(DATA EXTRACTS Opens)

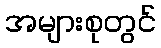
အများစုတွင်
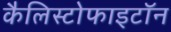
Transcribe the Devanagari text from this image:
कैलिस्टोफाइटॉन
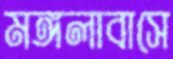
মঙ্গলাবাসে
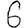
Digit: 6
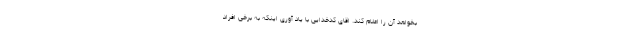
بخواهد آن را اعلام کند. اقای کدخدایی با یاد آوری اینکه به برخی افراد
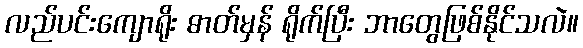
လည်ပင်းကျောရိုး ဓာတ်မှန် ရိုက်ပြီး ဘာတွေဖြစ်နိုင်သလဲ။
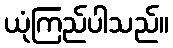
ယုံကြည်ပါသည်။
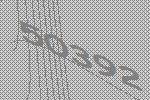
50392
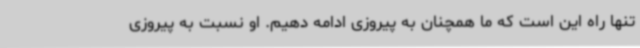
تنها راه این است که ما همچنان به پیروزی ادامه دهیم. او نسبت به پیروزی

(DATA EXTRACTS Closes)

Once you find the line that contains "Transcribe the Devanagari", reproduce it and every line after it through the end of the entries above, exactly as written, with no pictures.

Transcribe the Devanagari text from this image:
कैलिस्टोफाइटॉन
মঙ্গলাবাসে
Digit: 6
بخواهد آن را اعلام کند. اقای کدخدایی با یاد آوری اینکه به برخی افراد
လည်ပင်းကျောရိုး ဓာတ်မှန် ရိုက်ပြီး ဘာတွေဖြစ်နိုင်သလဲ။
ယုံကြည်ပါသည်။
50392
تنها راه این است که ما همچنان به پیروزی ادامه دهیم. او نسبت به پیروزی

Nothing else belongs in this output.